**DIRECTIONS FOR THIS TASK**. For the word "stroke", copy every line of the material that includes it.

**EXTRACTED ENTRIES**.
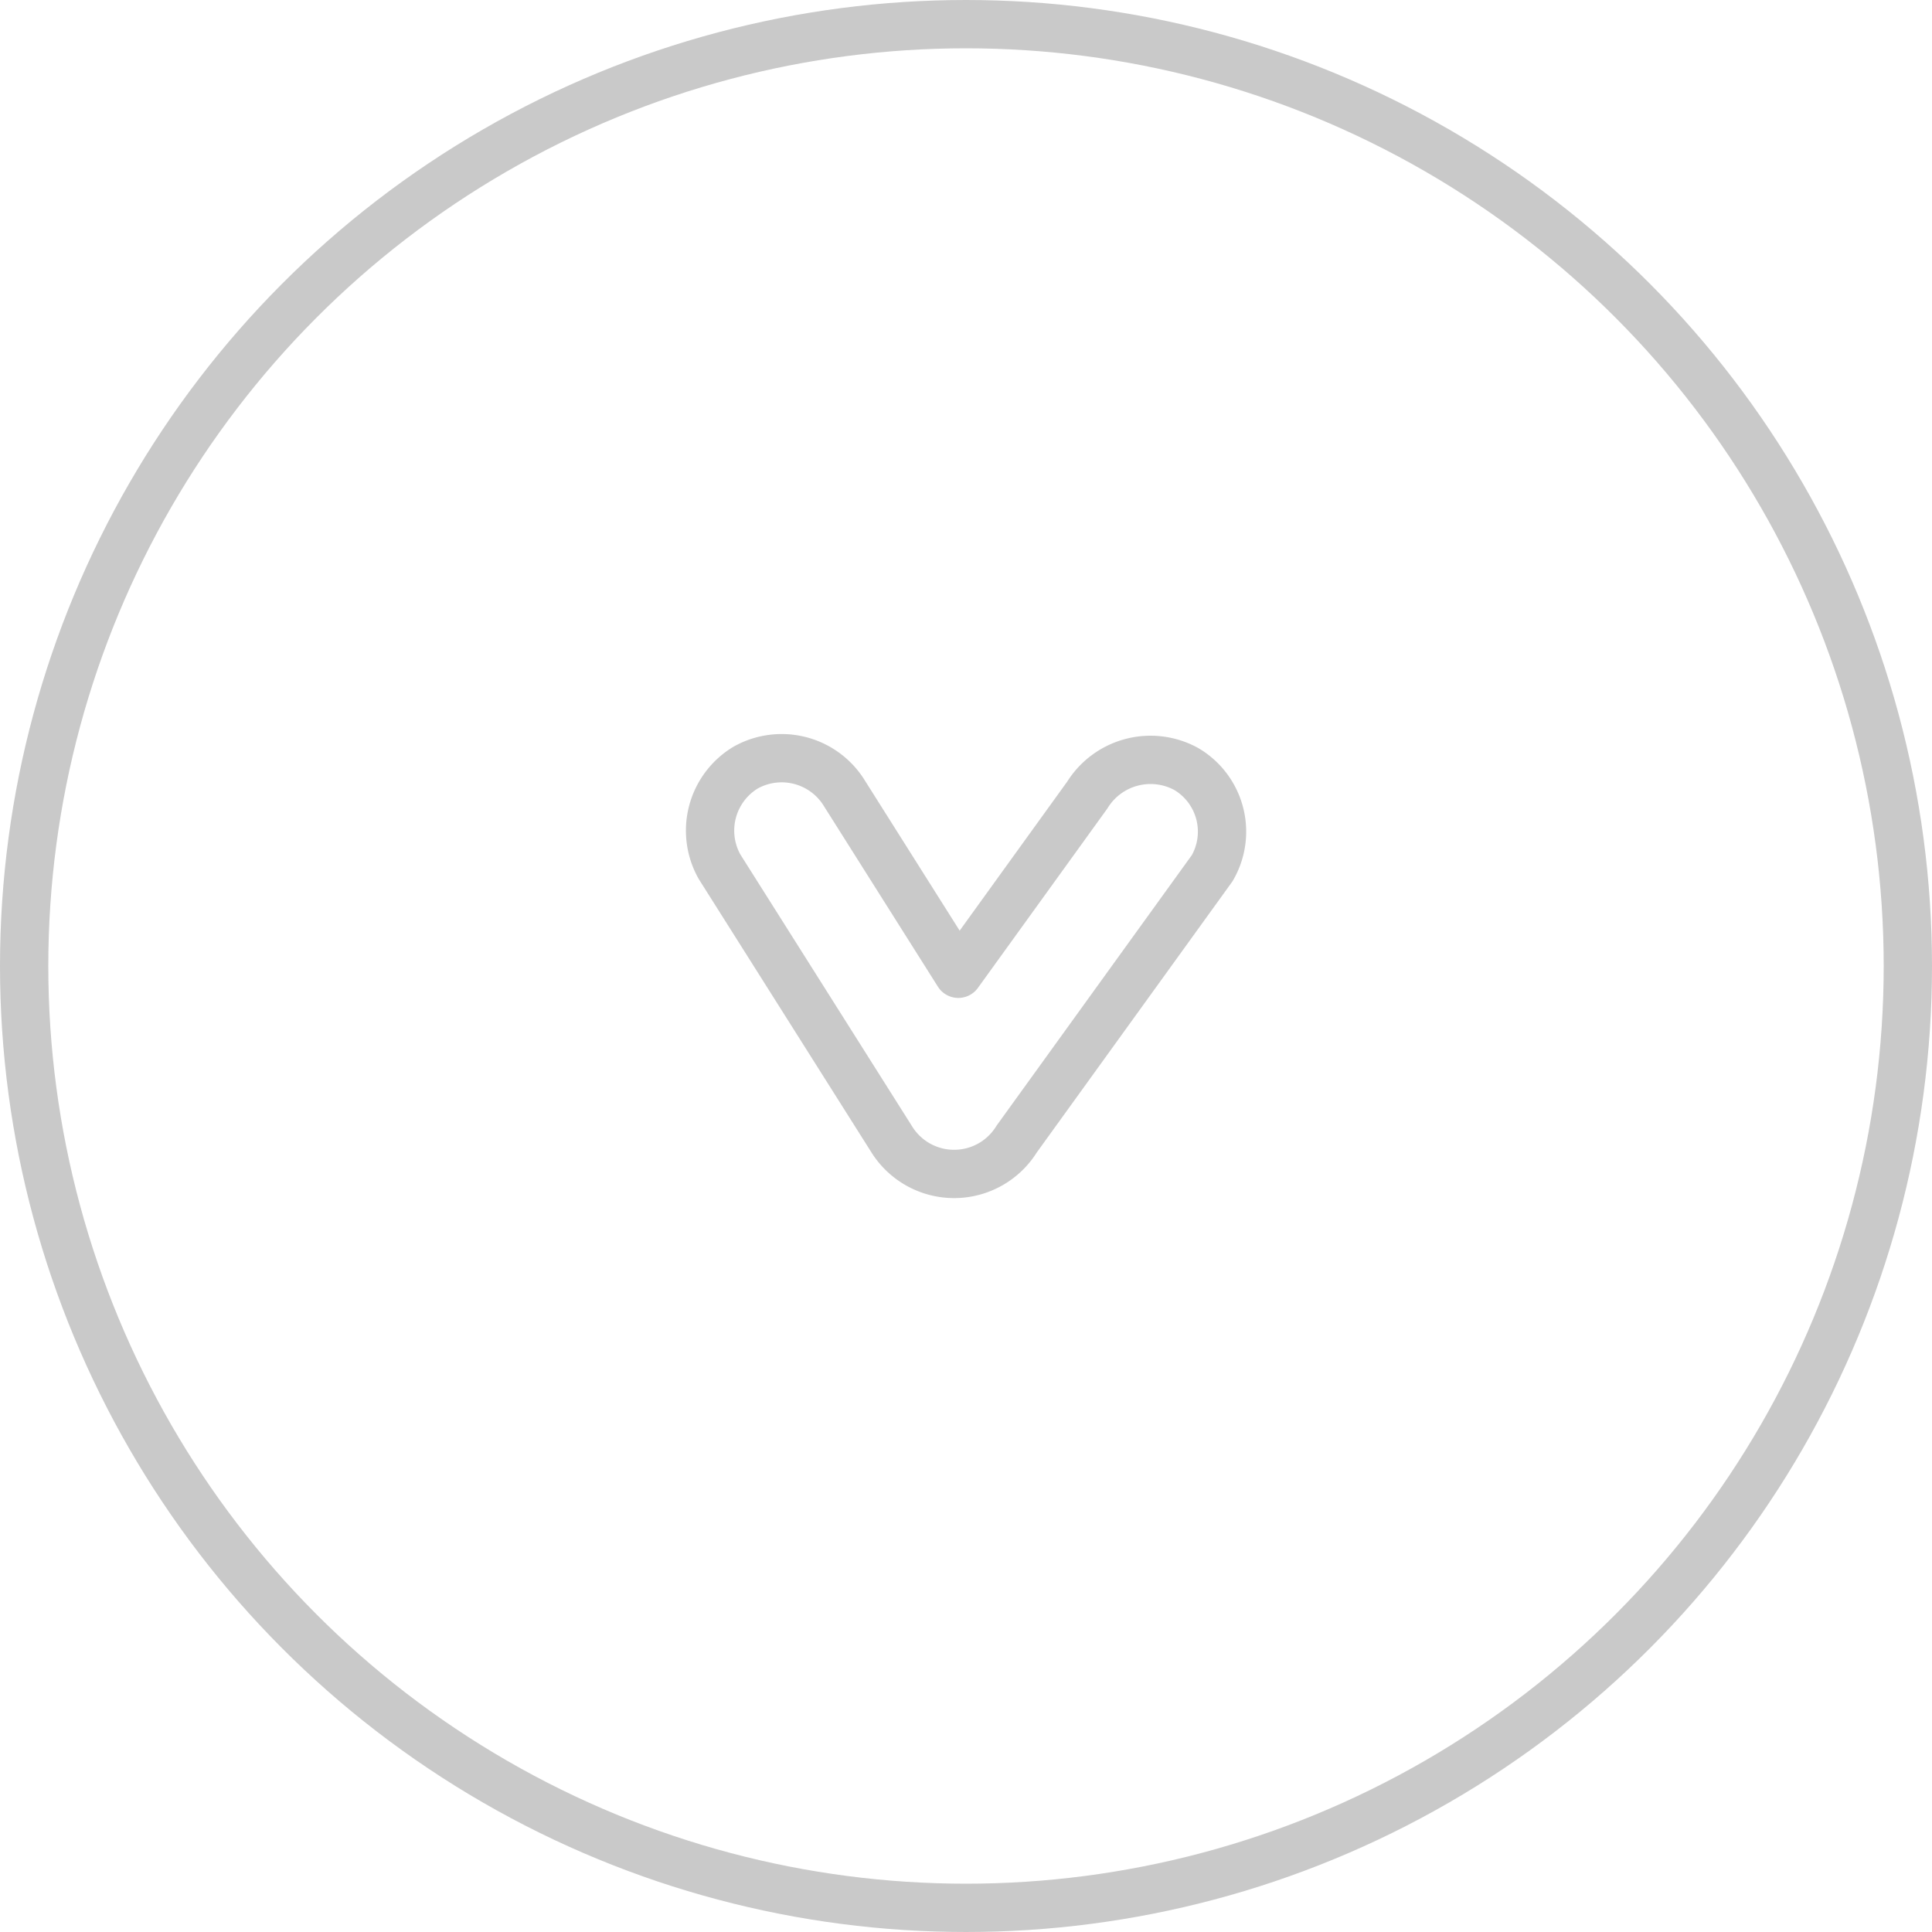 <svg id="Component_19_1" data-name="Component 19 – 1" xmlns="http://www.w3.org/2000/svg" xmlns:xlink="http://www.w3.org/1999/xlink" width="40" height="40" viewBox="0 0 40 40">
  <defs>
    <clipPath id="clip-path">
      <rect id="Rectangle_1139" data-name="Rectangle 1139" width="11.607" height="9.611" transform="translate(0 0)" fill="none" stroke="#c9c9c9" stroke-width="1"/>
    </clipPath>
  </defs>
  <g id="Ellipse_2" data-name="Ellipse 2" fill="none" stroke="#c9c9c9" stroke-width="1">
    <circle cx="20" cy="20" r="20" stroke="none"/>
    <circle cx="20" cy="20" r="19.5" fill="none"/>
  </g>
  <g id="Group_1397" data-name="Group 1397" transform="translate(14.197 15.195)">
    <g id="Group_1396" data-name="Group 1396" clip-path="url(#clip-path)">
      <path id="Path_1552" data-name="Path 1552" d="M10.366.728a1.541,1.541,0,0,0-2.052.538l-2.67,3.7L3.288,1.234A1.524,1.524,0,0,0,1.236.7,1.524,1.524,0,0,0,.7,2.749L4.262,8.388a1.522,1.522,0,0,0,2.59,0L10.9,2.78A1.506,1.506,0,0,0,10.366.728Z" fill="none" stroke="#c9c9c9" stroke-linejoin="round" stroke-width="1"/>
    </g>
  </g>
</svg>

**WRITTEN RESPONSE**.
      <rect id="Rectangle_1139" data-name="Rectangle 1139" width="11.607" height="9.611" transform="translate(0 0)" fill="none" stroke="#c9c9c9" stroke-width="1"/>
  <g id="Ellipse_2" data-name="Ellipse 2" fill="none" stroke="#c9c9c9" stroke-width="1">
    <circle cx="20" cy="20" r="20" stroke="none"/>
      <path id="Path_1552" data-name="Path 1552" d="M10.366.728a1.541,1.541,0,0,0-2.052.538l-2.67,3.7L3.288,1.234A1.524,1.524,0,0,0,1.236.7,1.524,1.524,0,0,0,.7,2.749L4.262,8.388a1.522,1.522,0,0,0,2.59,0L10.9,2.78A1.506,1.506,0,0,0,10.366.728Z" fill="none" stroke="#c9c9c9" stroke-linejoin="round" stroke-width="1"/>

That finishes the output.